**AIM OF THE EXERCISE**. Transcribe each of the records below exactly, excluding all pictures.

** Opening RECORDS FOR THE EXERCISE block **

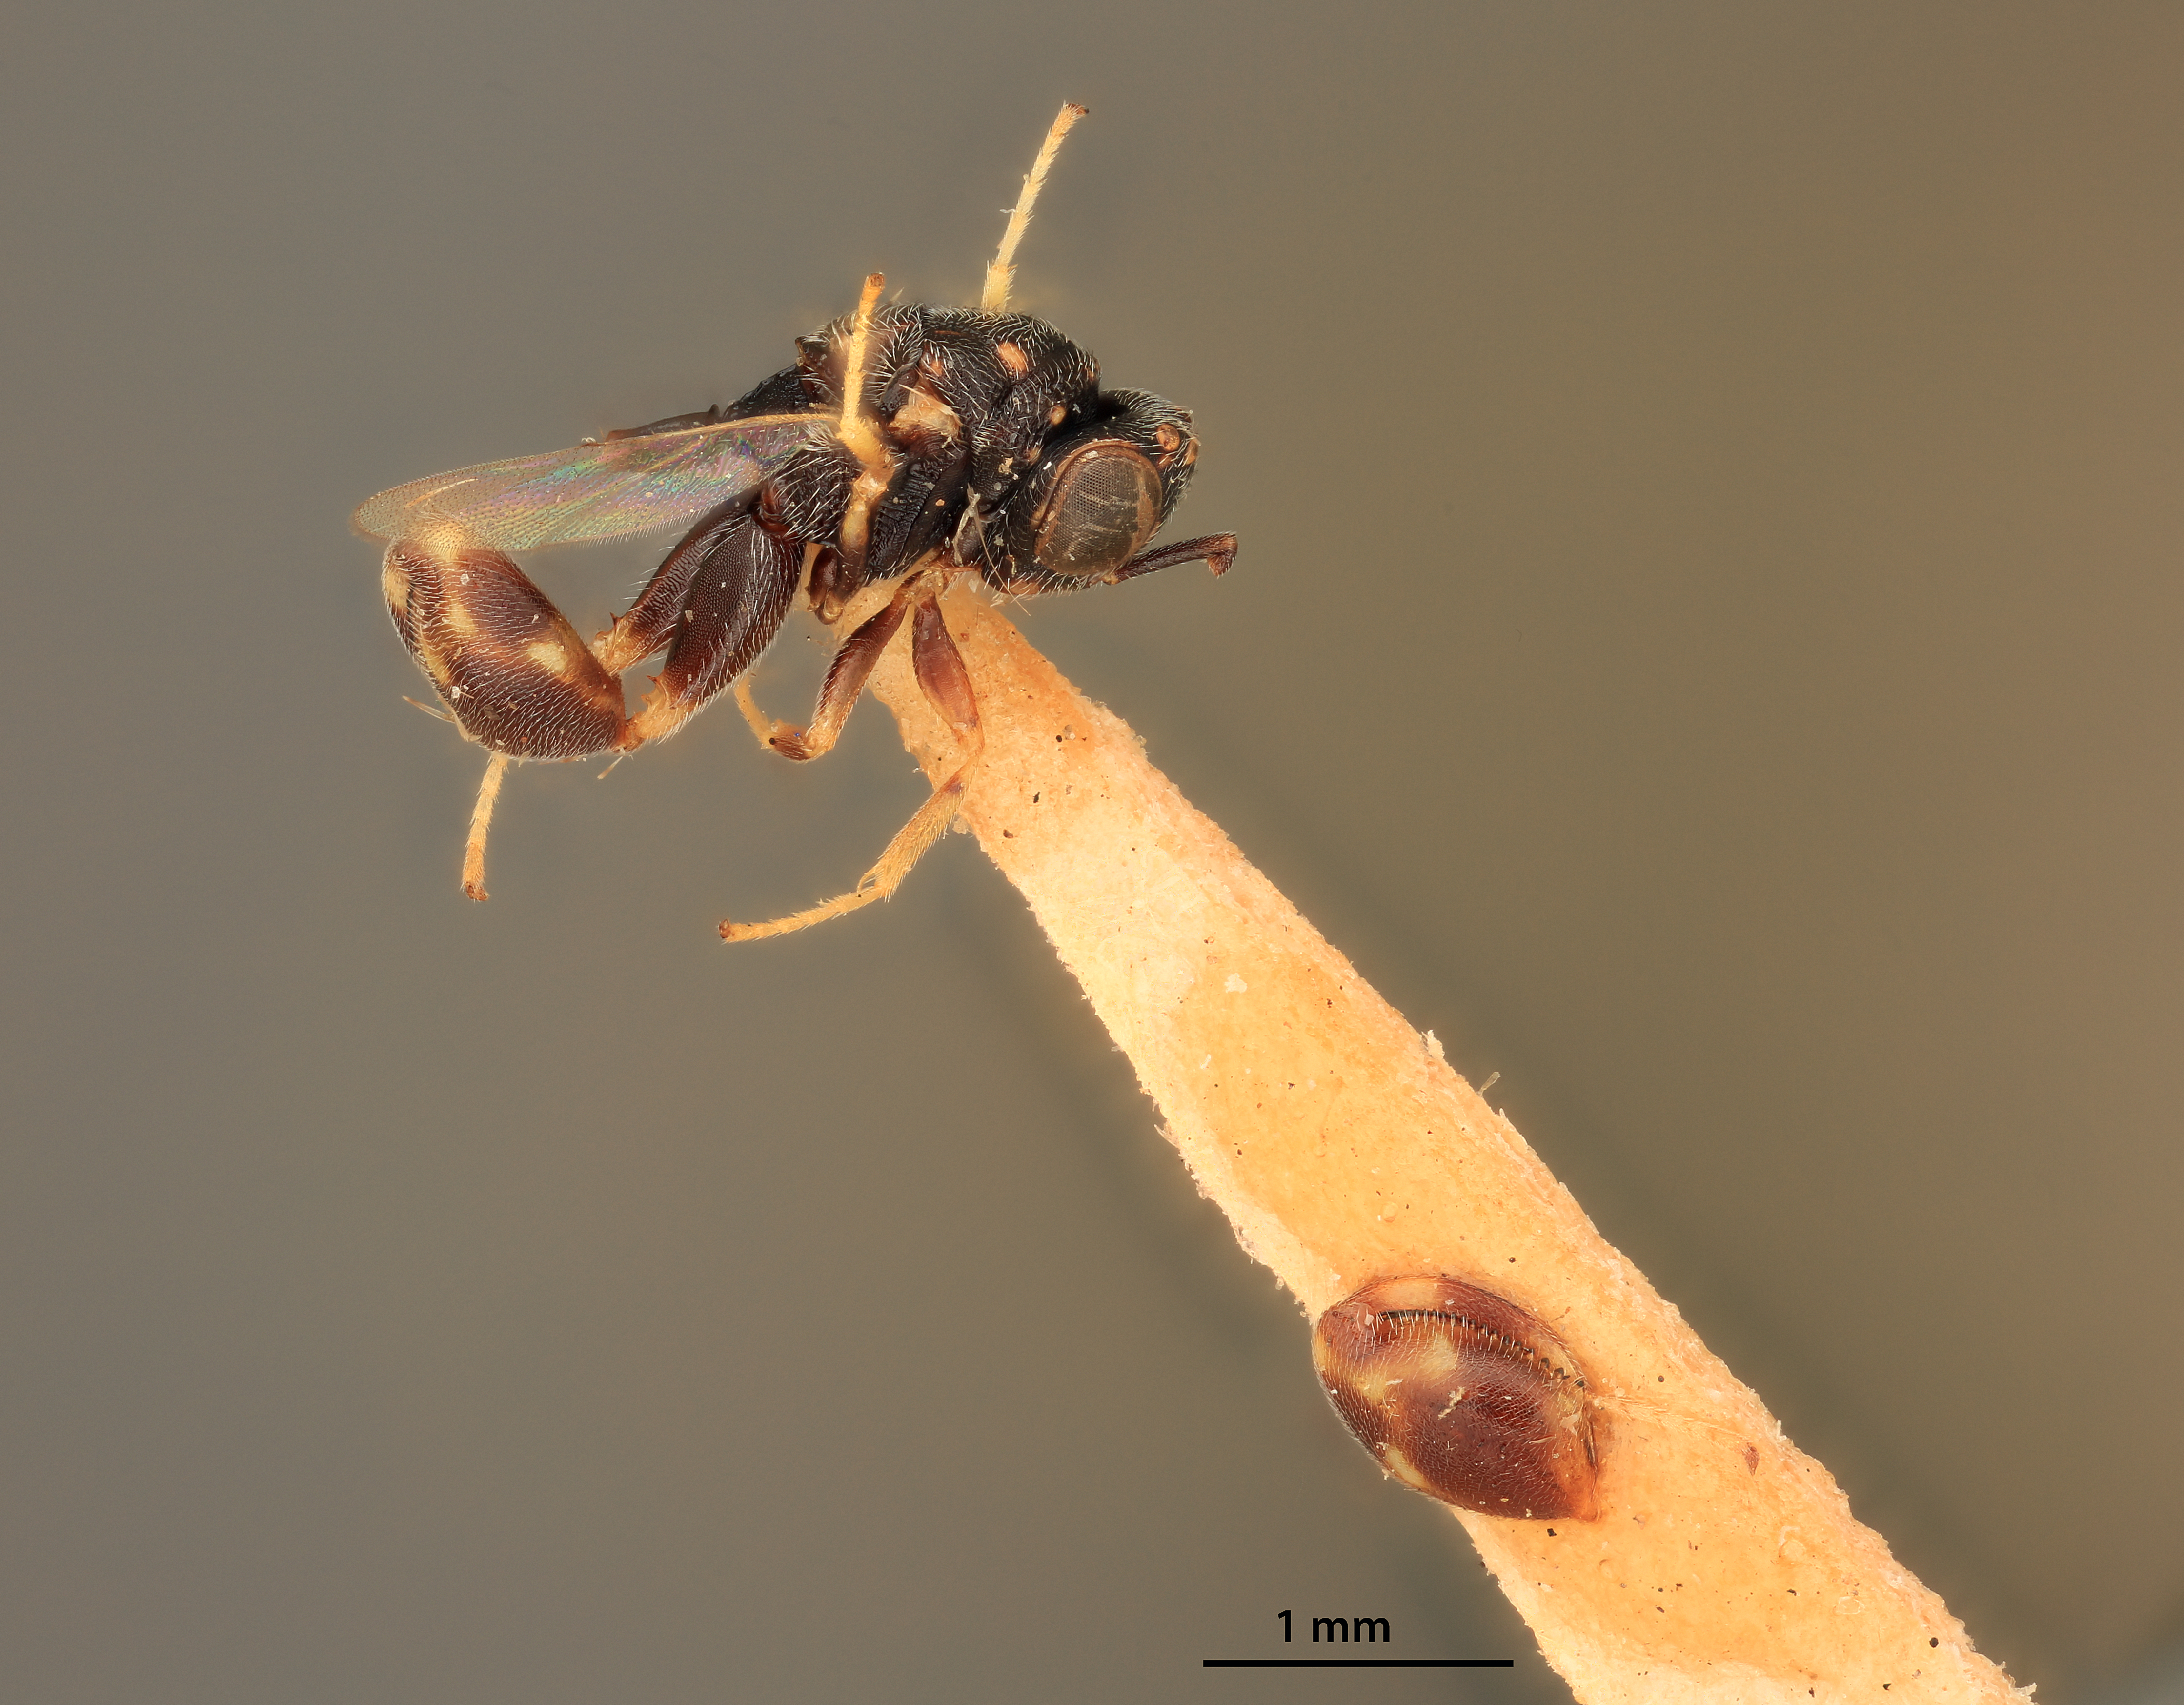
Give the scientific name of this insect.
Spilochalcis ancylae
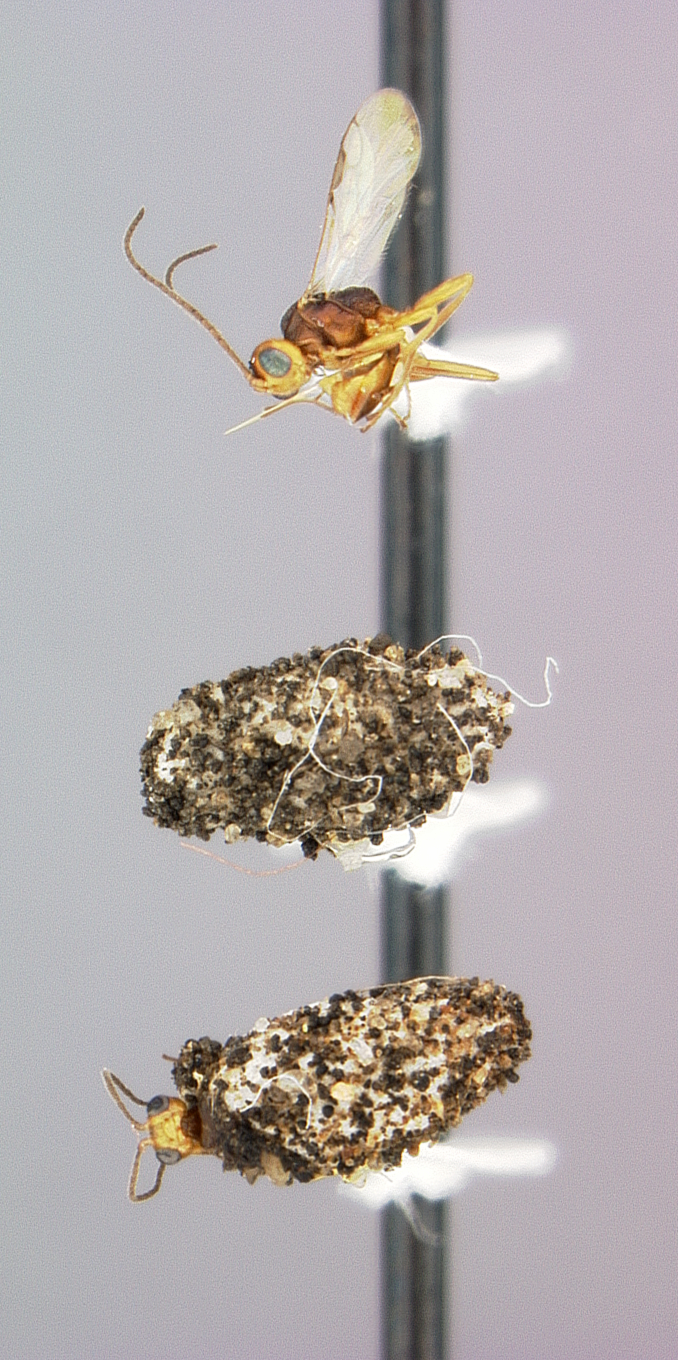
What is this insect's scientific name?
Microctonus amaraphagus
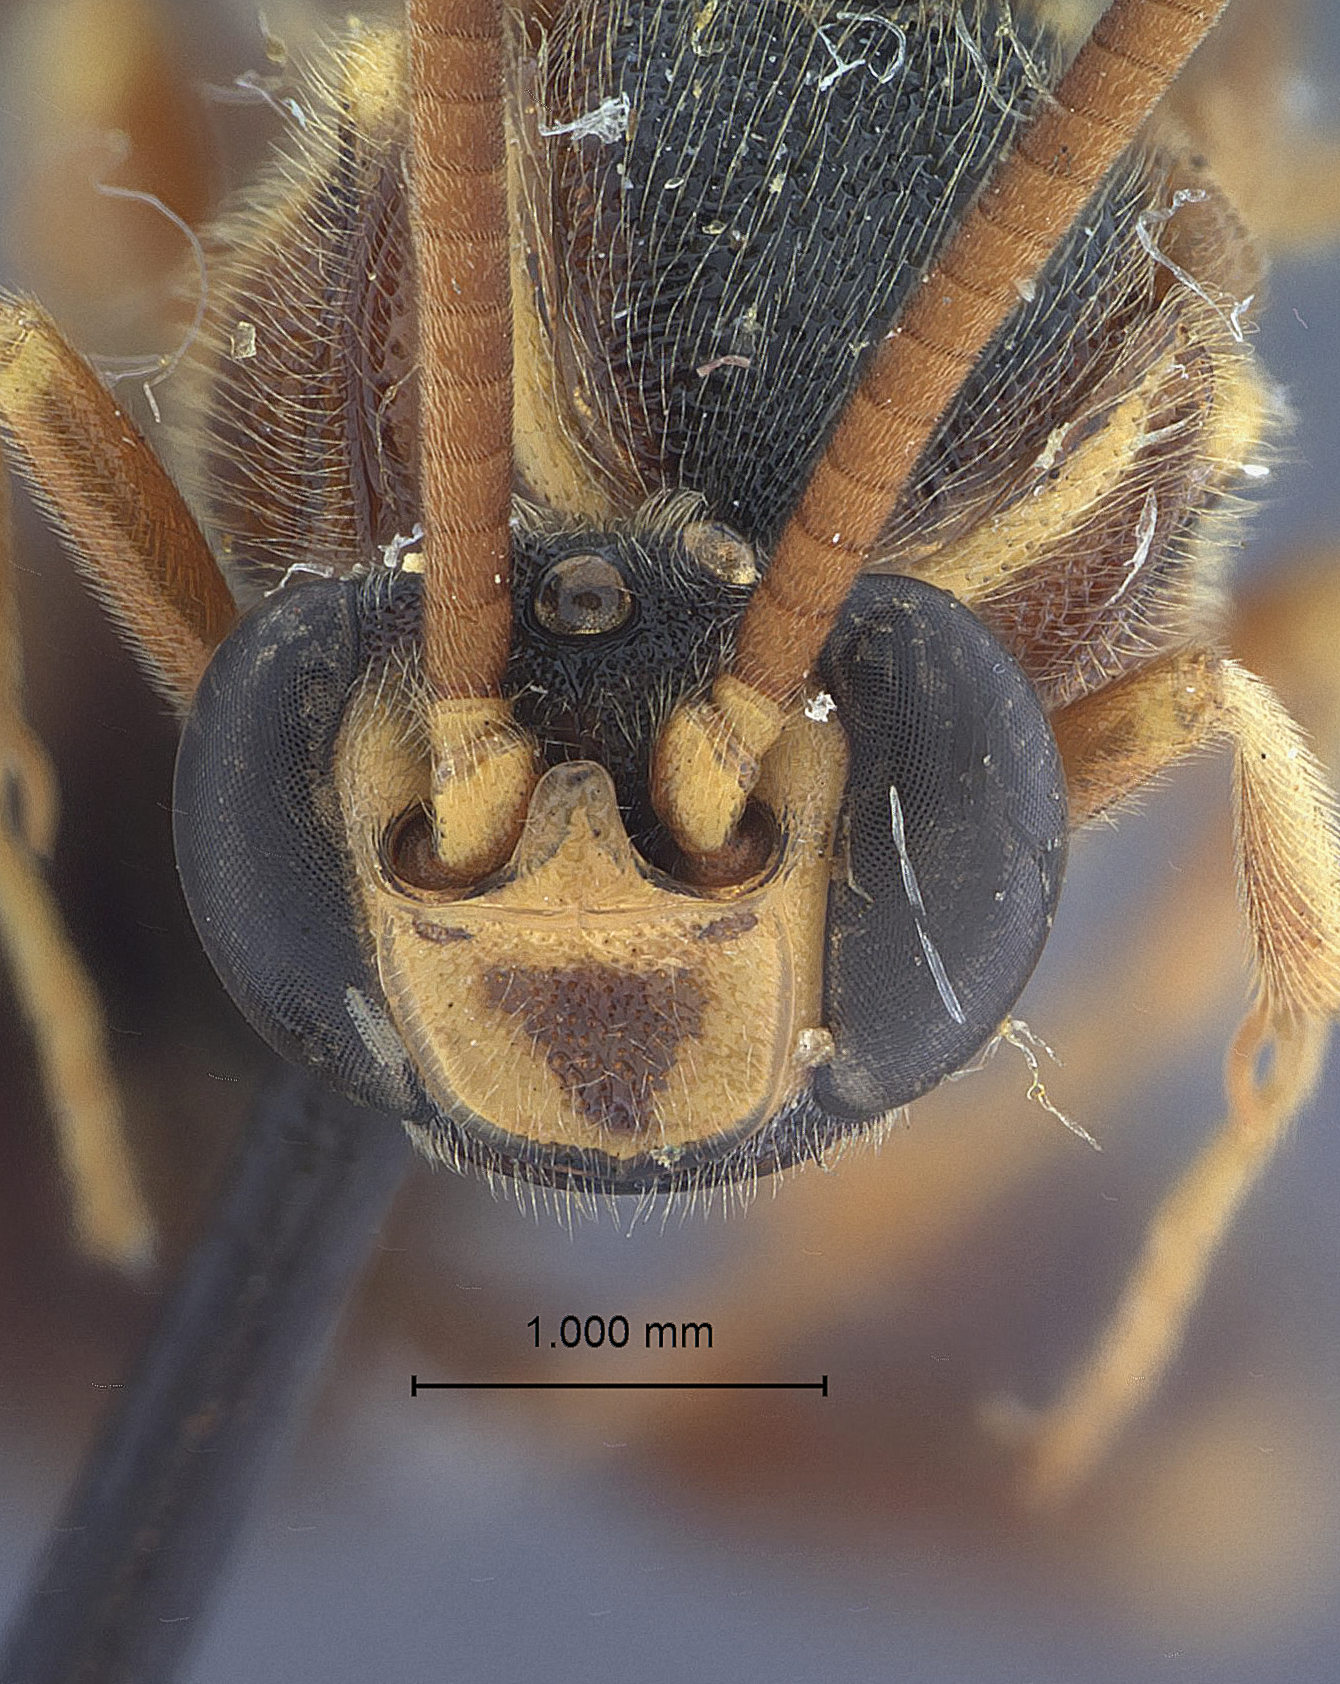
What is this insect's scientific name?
Metopius errantius
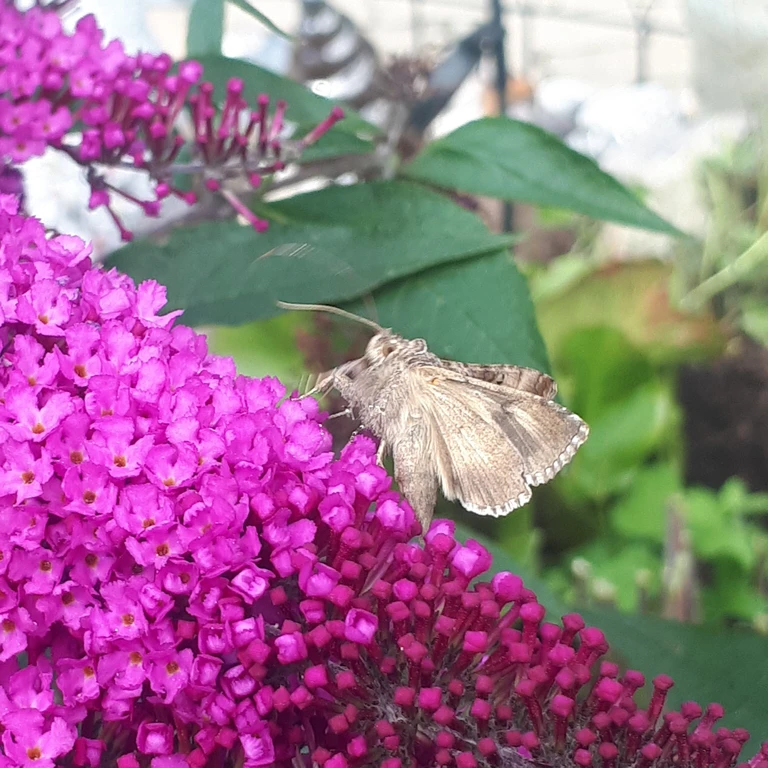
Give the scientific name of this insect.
Autographa gamma
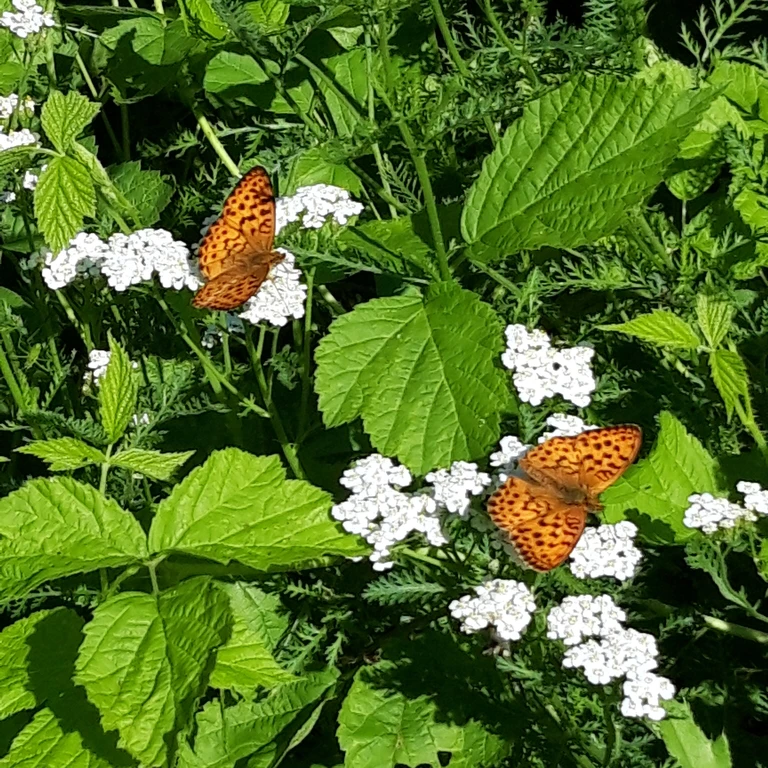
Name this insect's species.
Brenthis daphne

** Closing RECORDS FOR THE EXERCISE block **

**EXERCISE RESPONSE**.
Give the scientific name of this insect.
Spilochalcis ancylae
What is this insect's scientific name?
Microctonus amaraphagus
What is this insect's scientific name?
Metopius errantius
Give the scientific name of this insect.
Autographa gamma
Name this insect's species.
Brenthis daphne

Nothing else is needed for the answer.